__Records provided__
===

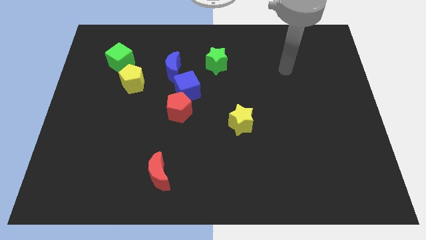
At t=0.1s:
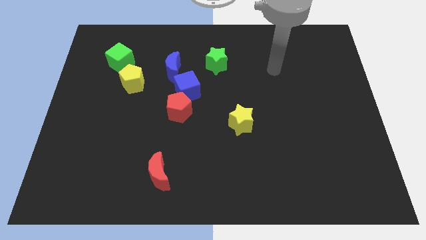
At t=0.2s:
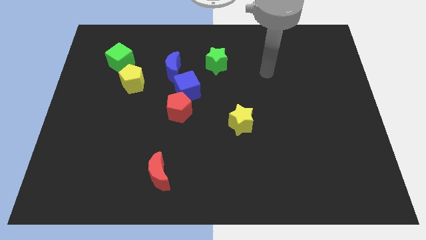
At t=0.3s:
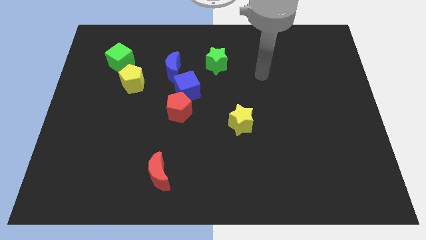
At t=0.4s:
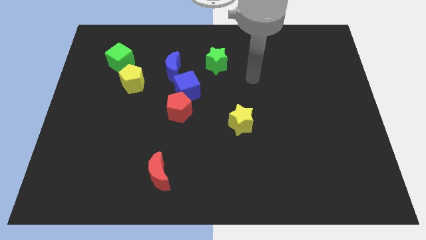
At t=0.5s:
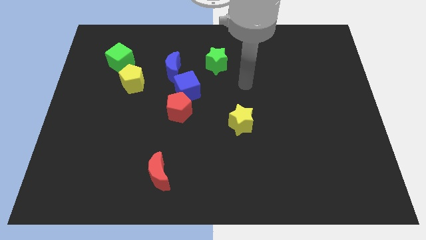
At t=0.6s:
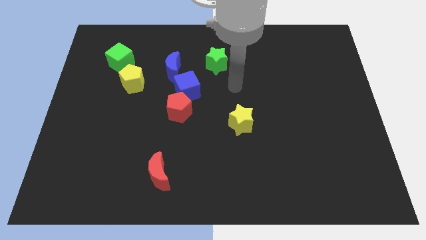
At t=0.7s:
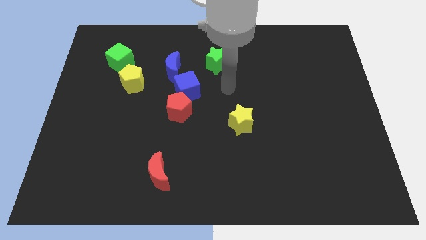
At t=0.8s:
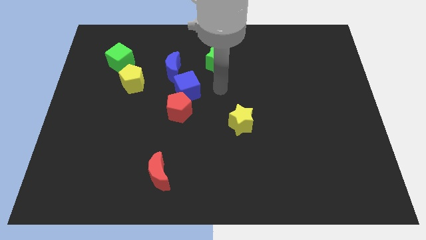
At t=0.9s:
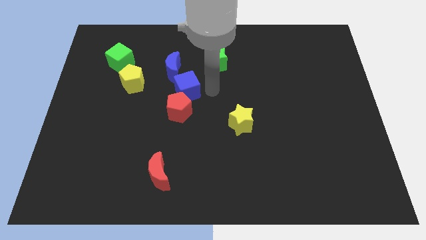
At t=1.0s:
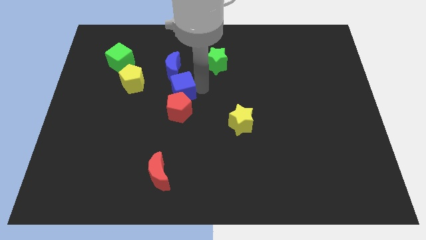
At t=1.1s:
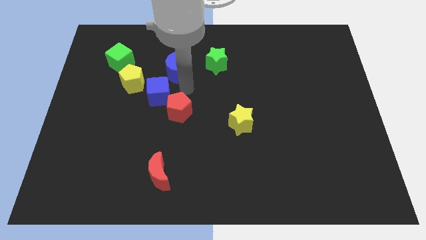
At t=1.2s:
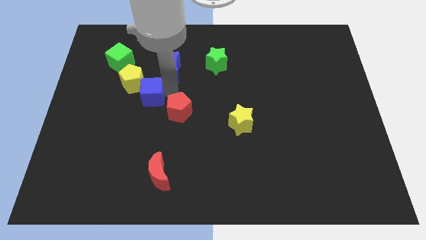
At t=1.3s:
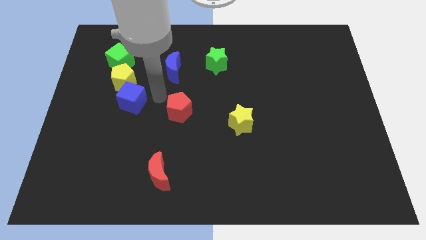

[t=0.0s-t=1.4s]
move the red pentagon away from the blue cube

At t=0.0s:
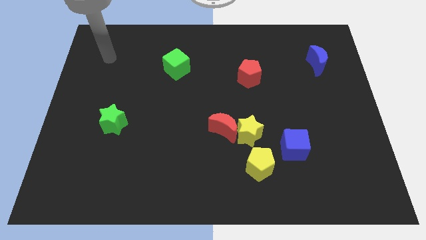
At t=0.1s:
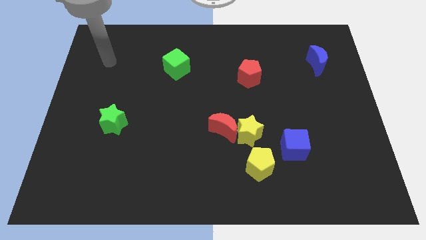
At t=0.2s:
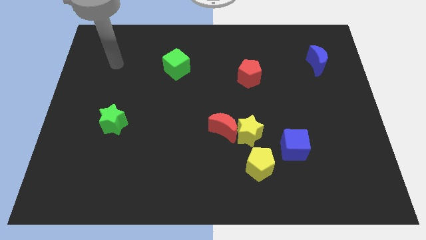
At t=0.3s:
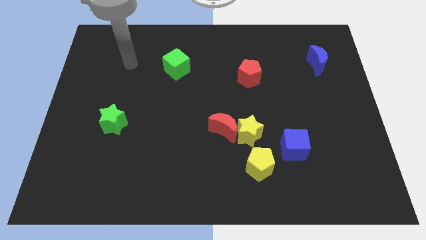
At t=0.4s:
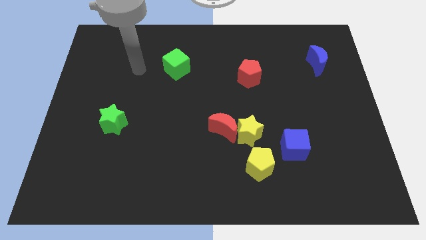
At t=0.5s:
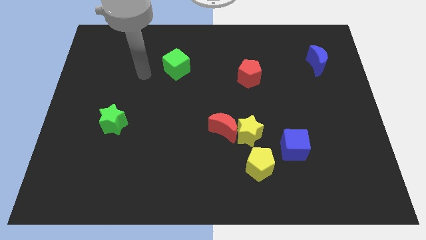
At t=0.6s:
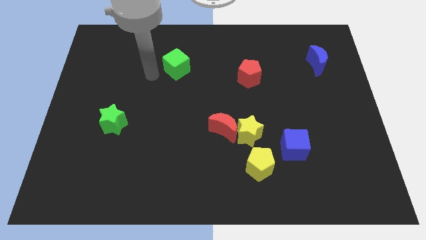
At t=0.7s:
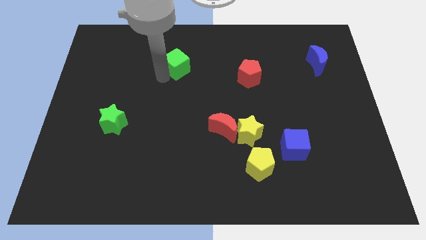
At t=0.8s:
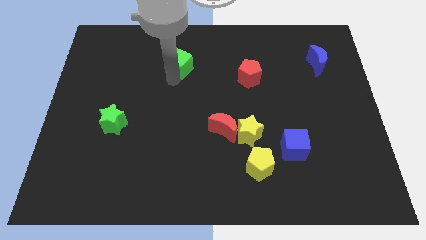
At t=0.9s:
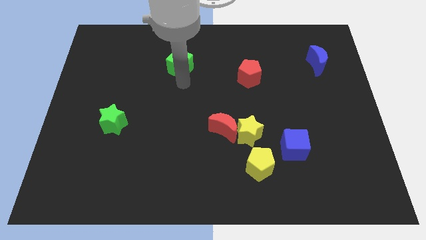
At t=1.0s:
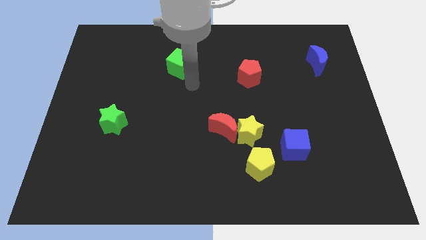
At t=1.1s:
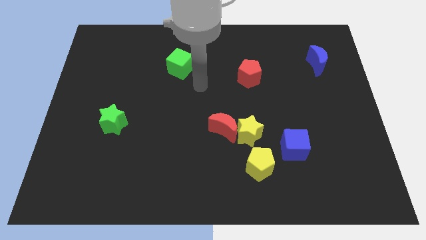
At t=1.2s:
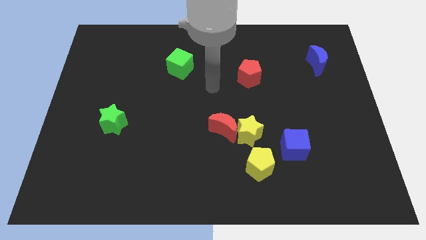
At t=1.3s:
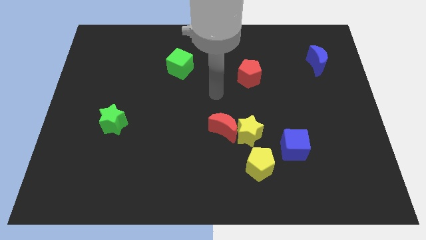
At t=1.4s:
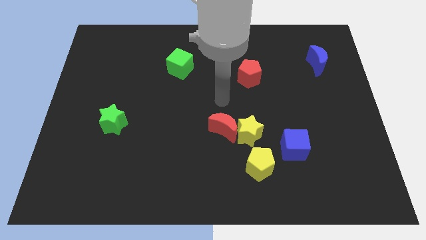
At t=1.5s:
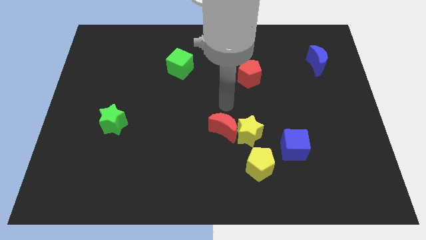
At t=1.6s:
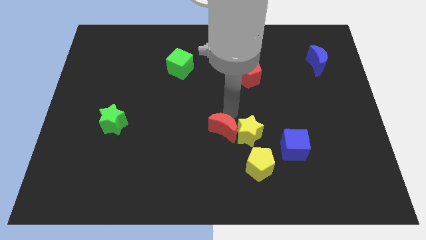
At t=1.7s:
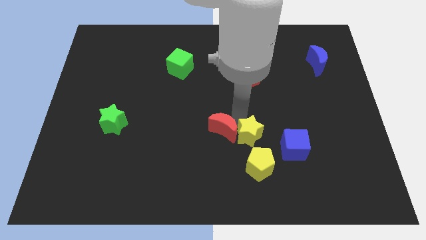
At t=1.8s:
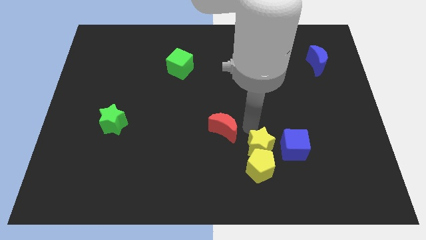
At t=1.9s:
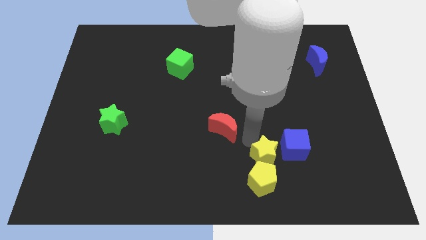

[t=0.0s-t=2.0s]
pull the red moon apart from the yellow star

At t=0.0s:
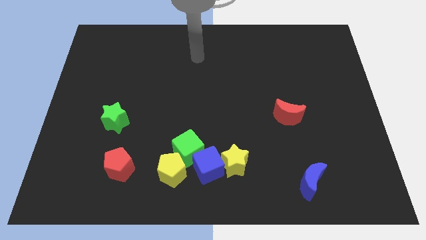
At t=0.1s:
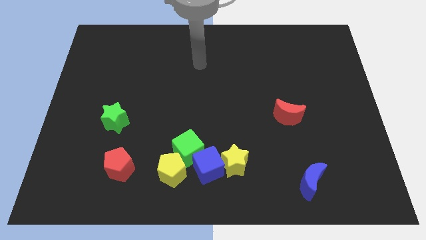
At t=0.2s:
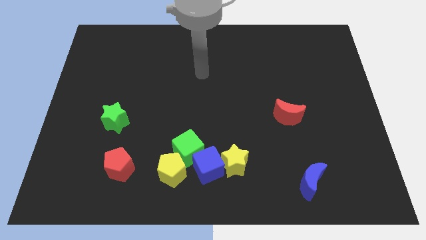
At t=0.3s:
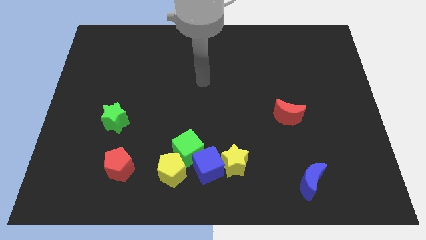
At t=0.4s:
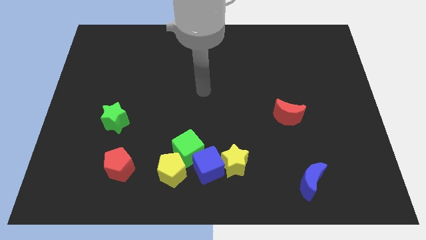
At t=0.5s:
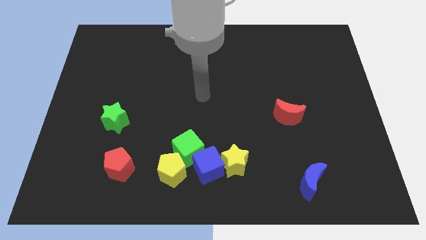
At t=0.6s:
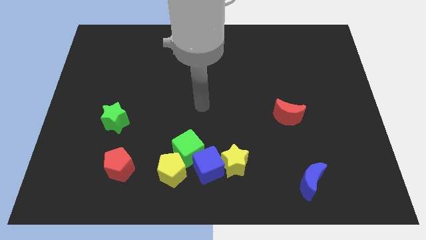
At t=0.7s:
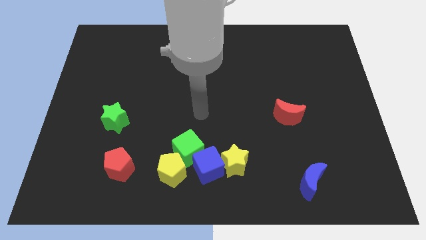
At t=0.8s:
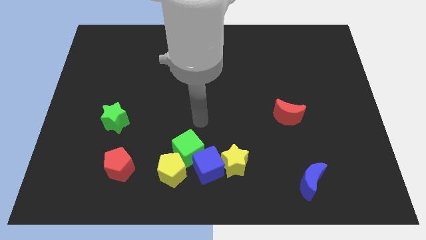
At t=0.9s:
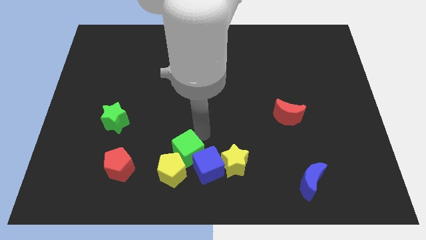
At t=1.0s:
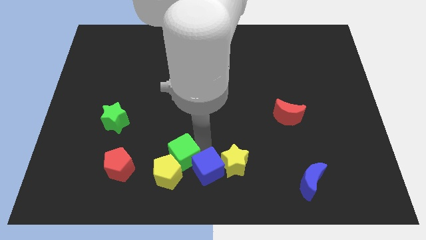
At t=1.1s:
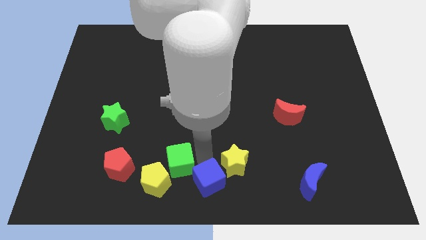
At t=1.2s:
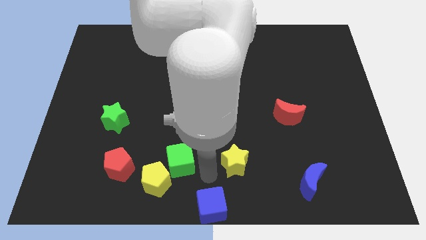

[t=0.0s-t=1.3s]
move the yellow star away from the blue cube

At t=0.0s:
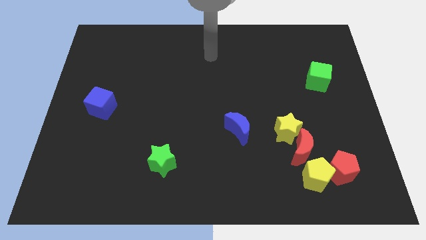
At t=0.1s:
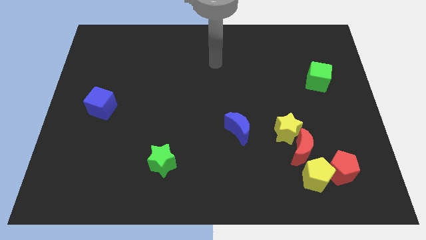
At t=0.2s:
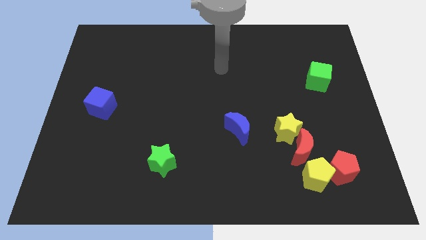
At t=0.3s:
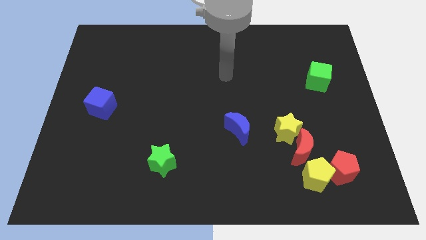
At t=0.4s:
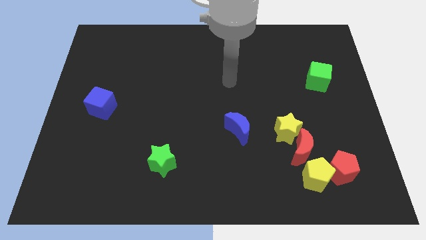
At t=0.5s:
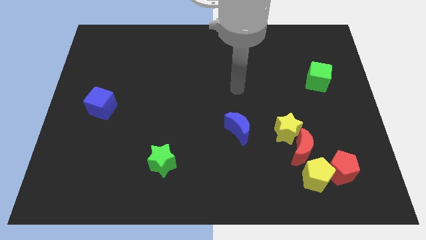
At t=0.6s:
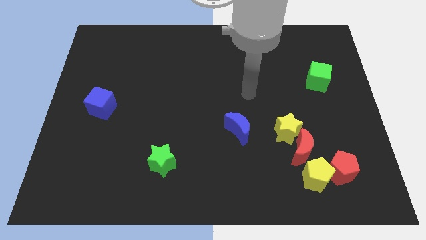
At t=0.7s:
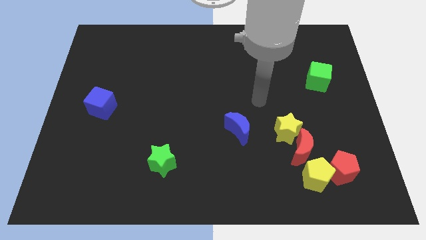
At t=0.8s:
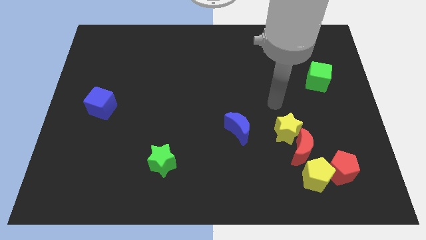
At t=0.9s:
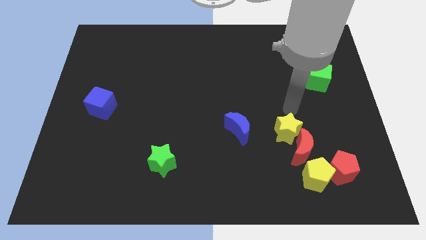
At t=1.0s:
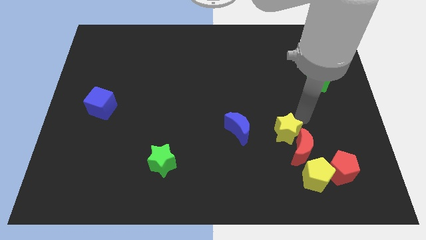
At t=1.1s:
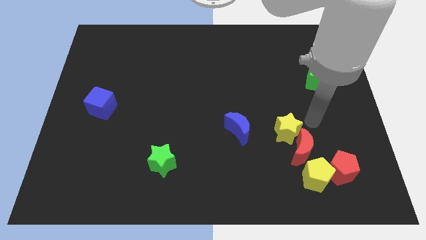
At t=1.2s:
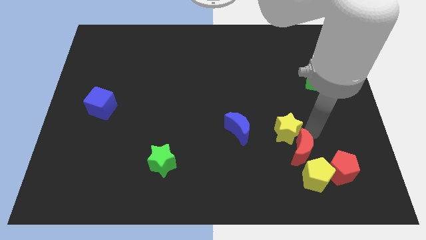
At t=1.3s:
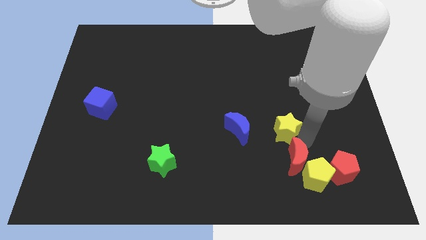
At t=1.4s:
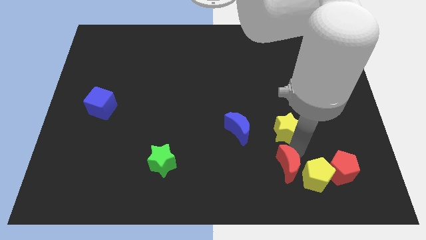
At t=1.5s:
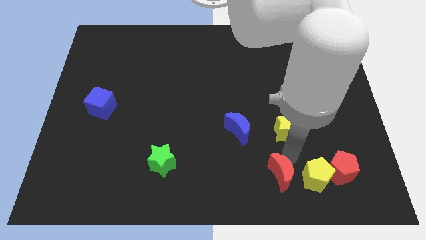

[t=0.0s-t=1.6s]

===

__Prompt__
To complete the exercise, return the listing above exactly and omit its pictures.

__Exercise response__
At t=0.1s:
At t=0.2s:
At t=0.3s:
At t=0.4s:
At t=0.5s:
At t=0.6s:
At t=0.7s:
At t=0.8s:
At t=0.9s:
At t=1.0s:
At t=1.1s:
At t=1.2s:
At t=1.3s:

[t=0.0s-t=1.4s]
move the red pentagon away from the blue cube

At t=0.0s:
At t=0.1s:
At t=0.2s:
At t=0.3s:
At t=0.4s:
At t=0.5s:
At t=0.6s:
At t=0.7s:
At t=0.8s:
At t=0.9s:
At t=1.0s:
At t=1.1s:
At t=1.2s:
At t=1.3s:
At t=1.4s:
At t=1.5s:
At t=1.6s:
At t=1.7s:
At t=1.8s:
At t=1.9s:

[t=0.0s-t=2.0s]
pull the red moon apart from the yellow star

At t=0.0s:
At t=0.1s:
At t=0.2s:
At t=0.3s:
At t=0.4s:
At t=0.5s:
At t=0.6s:
At t=0.7s:
At t=0.8s:
At t=0.9s:
At t=1.0s:
At t=1.1s:
At t=1.2s:

[t=0.0s-t=1.3s]
move the yellow star away from the blue cube

At t=0.0s:
At t=0.1s:
At t=0.2s:
At t=0.3s:
At t=0.4s:
At t=0.5s:
At t=0.6s:
At t=0.7s:
At t=0.8s:
At t=0.9s:
At t=1.0s:
At t=1.1s:
At t=1.2s:
At t=1.3s:
At t=1.4s:
At t=1.5s:

[t=0.0s-t=1.6s]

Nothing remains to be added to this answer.